And now my Lorna came to me, with a spring of tears in appealing eyes—for she was still somewhat childish, or rather, I should say, more childish now than when she lived in misery—and she placed her little hand in mine, and she was half afraid to speak, and dropped her eyes for me to ask.
“What is it, little darling?” I asked, as I saw her breath come fast; for the smallest emotion moved her form.
“You don’t think, John, you don’t think, dear, that you could lend me any money?”
“All I have got,” I answered; “how much do you want, dear heart?”
“I have been calculating; and I fear that I cannot do any good with less than ten pounds, John.”
Here she looked up at me, with horror at the grandeur of the sum, and not knowing what I could think of it. But I kept my eyes from her. “Ten pounds!” I said in my deepest voice, on purpose to have it out in comfort, when she should be frightened; “what can you want with ten pounds, child?”
[Illustration: 524.jpg Kept my eyes from her]
“That is my concern,” said Lorna, plucking up her spirit at this: “when a lady asks for a loan, no gentleman pries into the cause of her asking it.”
“That may be as may be,” I answered in a judicial manner; “ten pounds, or twenty, you shall have. But I must know the purport.”
“Then that you never shall know, John. I am very sorry for asking you. It is not of the smallest consequence. Oh, dear, no.” Herewith she was running away.

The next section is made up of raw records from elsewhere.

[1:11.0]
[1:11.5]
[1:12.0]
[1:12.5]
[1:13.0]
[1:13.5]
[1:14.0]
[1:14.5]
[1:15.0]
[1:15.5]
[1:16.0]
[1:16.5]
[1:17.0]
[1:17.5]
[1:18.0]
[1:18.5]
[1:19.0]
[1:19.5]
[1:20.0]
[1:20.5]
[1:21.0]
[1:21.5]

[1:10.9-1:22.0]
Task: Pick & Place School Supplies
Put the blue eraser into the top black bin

“Oh, dear, yes,” I replied; “it is of very great consequence; and I understand the whole of it. You want to give that stupid Annie, who has lost you a hundred thousand pounds, and who is going to be married before us, dear—God only can tell why, being my younger sister—you want to give her a wedding present. And you shall do it, darling; because it is so good of you. Don’t you know your title, love? How humble you are with us humble folk. You are Lady Lorna something, so far as I can make out yet: and you ought not even to speak to us. You will go away and disdain us.”
“If you please, talk not like that, John. I will have nothing to do with it, if it comes between you and me, John.”

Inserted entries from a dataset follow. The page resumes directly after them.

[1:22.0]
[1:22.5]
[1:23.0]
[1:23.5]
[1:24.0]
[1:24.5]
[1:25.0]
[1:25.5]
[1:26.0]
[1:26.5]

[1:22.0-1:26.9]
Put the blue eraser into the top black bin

“You cannot help yourself,” said I. And then she vowed that she could and would. And rank and birth were banished from between our lips in no time.
“What can I get her good enough? I am sure I do not know,” she asked: “she has been so kind and good to me, and she is such a darling. How I shall miss her, to be sure! By the bye, you seem to think, John, that I shall be rich some day.”
“Of course you will. As rich as the French King who keeps ours. Would the Lord Chancellor trouble himself about you, if you were poor?”
“Then if I am rich, perhaps you would lend me twenty pounds, dear John. Ten pounds would be very mean for a wealthy person to give her.”